8. Silencing The Chop ultimately falls on fans, not Braves

Amid the Redskins and Indians name-change pursuits, the conversation shifting to the Braves was inevitable. While that may not happen in Atlanta, discussions — per The Athletic’s Ken Rosenthal — of the team’s use of the “Tomahawk Chop” are, both on the heels of what’s happening in D.C. and Cleveland and after criticism from Cardinals reliever Ryan Helsey, a member of the Cherokee Nation, during last season’s NLDS. While the Braves have certainly perpetuated The Chop — and as anyone who has been to a game at SunTrust/Truist Park can attest, they’ve amped it up 10 fold in recent years, of late cutting the lights and letting the phone-waving fans do the rest — and they can take steps to diminish it, but they aren’t the ones who can ultimately silence it. Those who know The Chop’s origins are aware it came from Florida State fans coming to see their former star Deion Sanders at spring training in West Palm, and it migrated north to Atlanta. It was organic, and while the team could conceivably distance itself from it, there’s no controlling tens of thousands of people’s ability to keep doing it in unison. This is in by no means backing or condemning the use of a Native American team name and I’ll leave whether the team can stay the Braves to far smarter people, and the those whose heritage can determine it a tribute or offensive.
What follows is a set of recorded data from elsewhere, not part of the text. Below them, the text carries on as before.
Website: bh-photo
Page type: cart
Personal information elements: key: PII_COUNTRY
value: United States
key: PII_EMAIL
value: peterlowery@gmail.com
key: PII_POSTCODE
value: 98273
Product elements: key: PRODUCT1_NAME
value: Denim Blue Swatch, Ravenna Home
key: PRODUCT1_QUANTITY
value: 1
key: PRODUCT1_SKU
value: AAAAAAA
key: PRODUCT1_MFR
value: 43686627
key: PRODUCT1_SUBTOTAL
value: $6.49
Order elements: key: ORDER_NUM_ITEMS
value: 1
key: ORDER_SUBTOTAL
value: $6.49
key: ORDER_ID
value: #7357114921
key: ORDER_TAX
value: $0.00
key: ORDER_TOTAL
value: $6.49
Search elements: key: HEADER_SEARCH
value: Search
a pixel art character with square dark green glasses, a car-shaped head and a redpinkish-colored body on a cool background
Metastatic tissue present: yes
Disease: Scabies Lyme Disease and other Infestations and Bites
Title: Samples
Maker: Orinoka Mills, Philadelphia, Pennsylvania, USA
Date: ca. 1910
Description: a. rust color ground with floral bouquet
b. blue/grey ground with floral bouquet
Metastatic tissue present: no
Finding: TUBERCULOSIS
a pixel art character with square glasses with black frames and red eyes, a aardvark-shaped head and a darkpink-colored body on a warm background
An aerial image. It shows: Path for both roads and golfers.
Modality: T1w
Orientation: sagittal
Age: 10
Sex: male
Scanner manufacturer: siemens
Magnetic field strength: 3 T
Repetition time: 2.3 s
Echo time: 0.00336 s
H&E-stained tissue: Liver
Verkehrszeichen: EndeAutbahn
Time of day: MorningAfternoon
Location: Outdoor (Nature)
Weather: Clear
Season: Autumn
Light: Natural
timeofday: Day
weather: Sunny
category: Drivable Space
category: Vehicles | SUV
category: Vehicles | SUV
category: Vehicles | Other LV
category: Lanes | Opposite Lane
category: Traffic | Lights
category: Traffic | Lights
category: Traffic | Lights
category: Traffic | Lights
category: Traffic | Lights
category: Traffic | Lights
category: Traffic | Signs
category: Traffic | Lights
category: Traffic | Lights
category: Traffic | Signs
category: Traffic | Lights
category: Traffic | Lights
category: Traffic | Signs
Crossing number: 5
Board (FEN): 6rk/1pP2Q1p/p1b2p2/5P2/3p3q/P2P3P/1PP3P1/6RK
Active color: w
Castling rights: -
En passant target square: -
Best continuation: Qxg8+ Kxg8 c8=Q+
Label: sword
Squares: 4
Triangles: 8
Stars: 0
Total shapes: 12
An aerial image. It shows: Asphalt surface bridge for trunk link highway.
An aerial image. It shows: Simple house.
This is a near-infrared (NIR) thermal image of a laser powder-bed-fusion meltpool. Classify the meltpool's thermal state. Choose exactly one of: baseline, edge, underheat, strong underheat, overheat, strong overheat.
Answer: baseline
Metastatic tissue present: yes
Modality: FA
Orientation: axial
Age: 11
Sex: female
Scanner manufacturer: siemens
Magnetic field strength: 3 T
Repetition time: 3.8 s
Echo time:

But it’s just a reality that while the franchise can have conversations on the topic, disassociating from The Chop isn’t change, it’s up to the fans whether it remains part of the fabric of baseball in Atlanta.

9. The underlying roadblock to baseball in Nashville

Dave Dombroski, the architect behind World Series champions with the Marlins and Red Sox, and whose Tigers teams made it to the big stage twice, has joined forces with Hall of Fame manager Tony La Russa and Dave Stewart to help bring MLB to Nashville and their led by John Lohr, a businessman whose resume includes adviser to former Starbucks CEO Howard Schultz and business affairs adviser to Sugar Ray Leonard. It also has a nice ring to it with the proposed Nashville Stars — named after a Negro League team — playing in stadium they want to name after Jackie Robinson. Be it an expansion club or a relocated one, Nashville is an alluring locale, but it’s where the city is situated and the other teams that would fight tooth and nail, the Braves specifically, that makes this seem more pipe dream than blueprint. The Nashville TV market, which ranks 29th in Nielsen DMAs (just behind San Diego), already gets Braves, Cardinals and Reds games, and the proposed Stars would surely see their TV footprint expand across Tennessee parts of Kentucky (Cardinals, Reds and Indians), North Carolina (Braves, Nationals, Orioles and Reds), Alabama (Braves) and Mississippi (Braves, Reds and Cardinals). That’s a lot of teams with a lot of gripes if this MLB-to-Nashville push actually happened, and considerably diminishing Atlanta’s stronghold on households in the Southeast. Those TV dollars, and what it would mean to each of those teams enjoying a would-be Nashville teams’ market may make this too much of an up-hill climb.